**Data under study:**
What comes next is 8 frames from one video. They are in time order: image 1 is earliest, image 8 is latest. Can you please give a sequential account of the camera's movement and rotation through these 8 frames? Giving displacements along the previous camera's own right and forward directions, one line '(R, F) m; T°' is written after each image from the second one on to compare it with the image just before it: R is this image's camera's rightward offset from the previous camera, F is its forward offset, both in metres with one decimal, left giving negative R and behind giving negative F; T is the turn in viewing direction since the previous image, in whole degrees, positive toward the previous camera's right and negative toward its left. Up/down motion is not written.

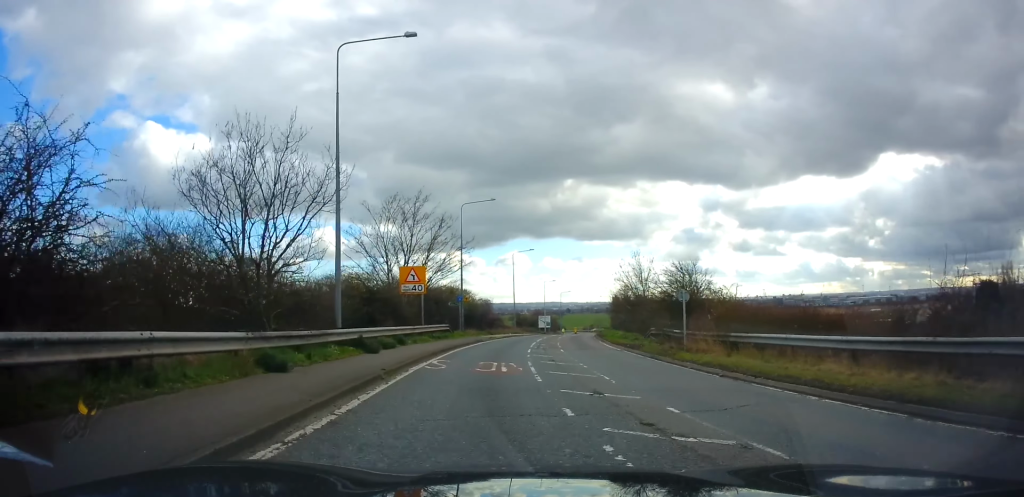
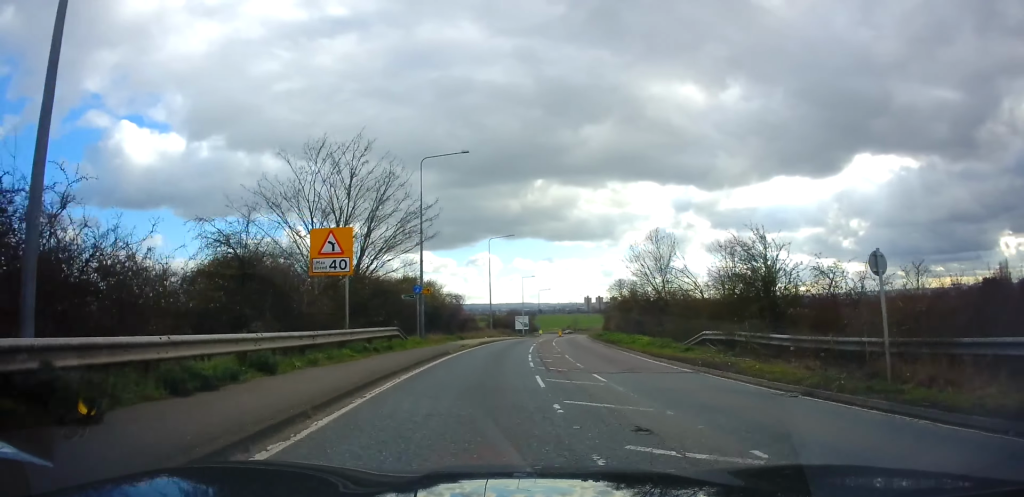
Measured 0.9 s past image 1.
(+0.2, +12.0) m; +2°
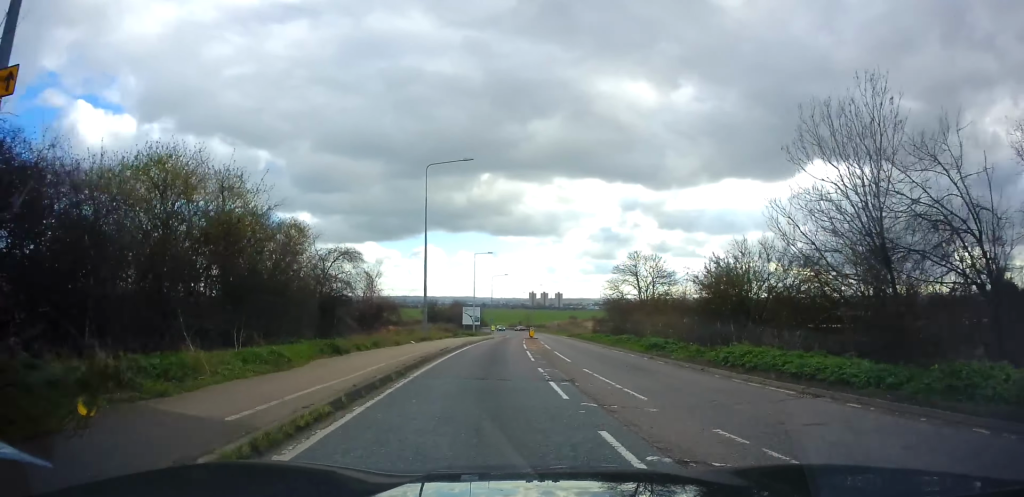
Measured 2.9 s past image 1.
(+1.4, +25.4) m; +7°
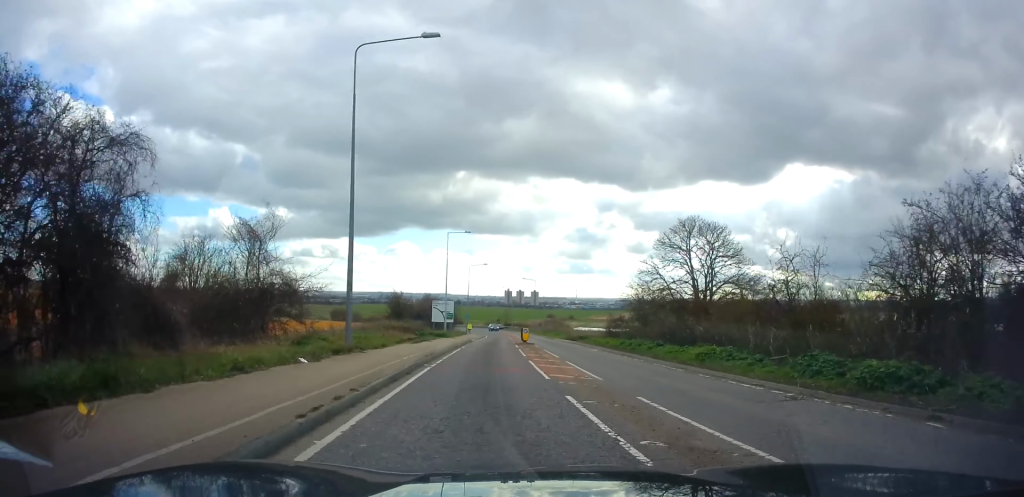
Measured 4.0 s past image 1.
(+0.5, +14.9) m; +3°
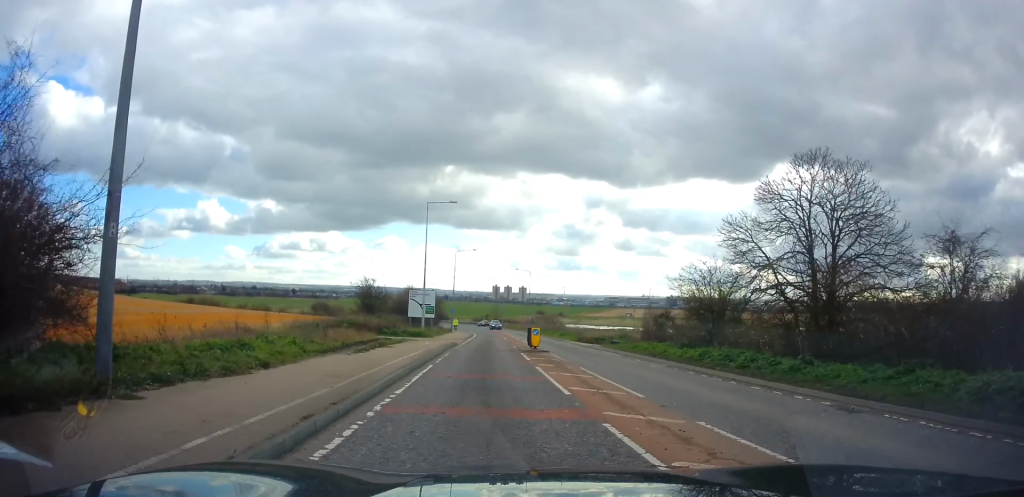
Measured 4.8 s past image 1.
(+0.2, +11.8) m; +1°
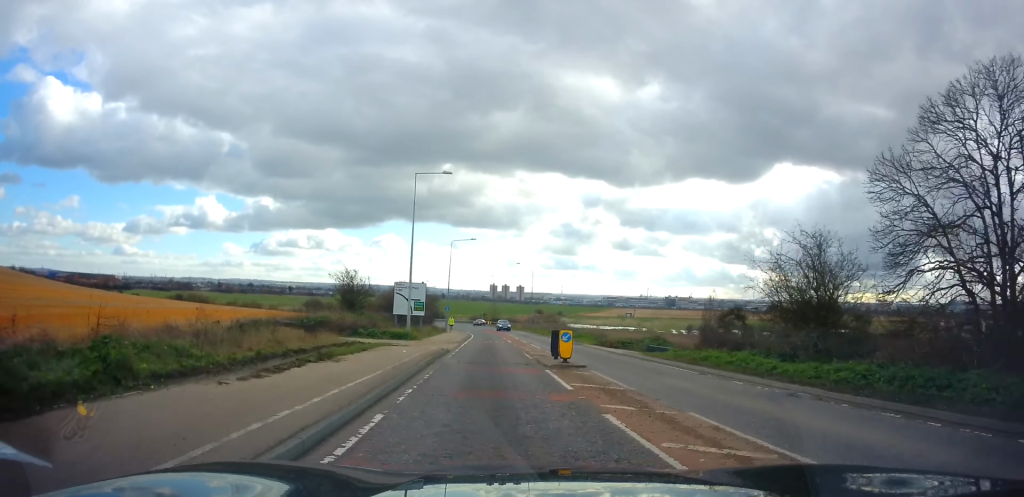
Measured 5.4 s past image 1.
(0.0, +8.2) m; 0°
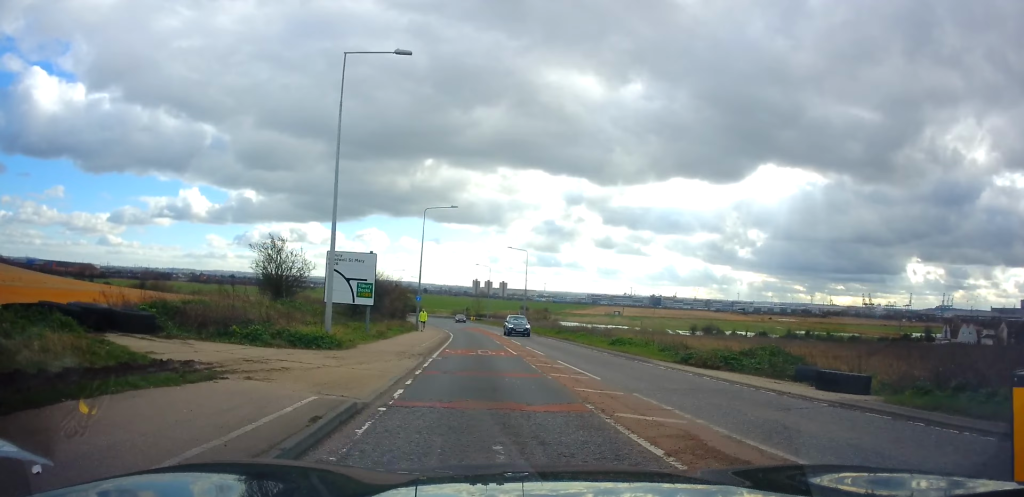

**Work required:**
In the data above, find the line with "Measured 0.9 s past image 1." and repeat it and every line after it through the end, exactly; leave the pictures out.

**Exercise result:**
Measured 0.9 s past image 1.
(+0.2, +12.0) m; +2°
Measured 2.9 s past image 1.
(+1.4, +25.4) m; +7°
Measured 4.0 s past image 1.
(+0.5, +14.9) m; +3°
Measured 4.8 s past image 1.
(+0.2, +11.8) m; +1°
Measured 5.4 s past image 1.
(0.0, +8.2) m; 0°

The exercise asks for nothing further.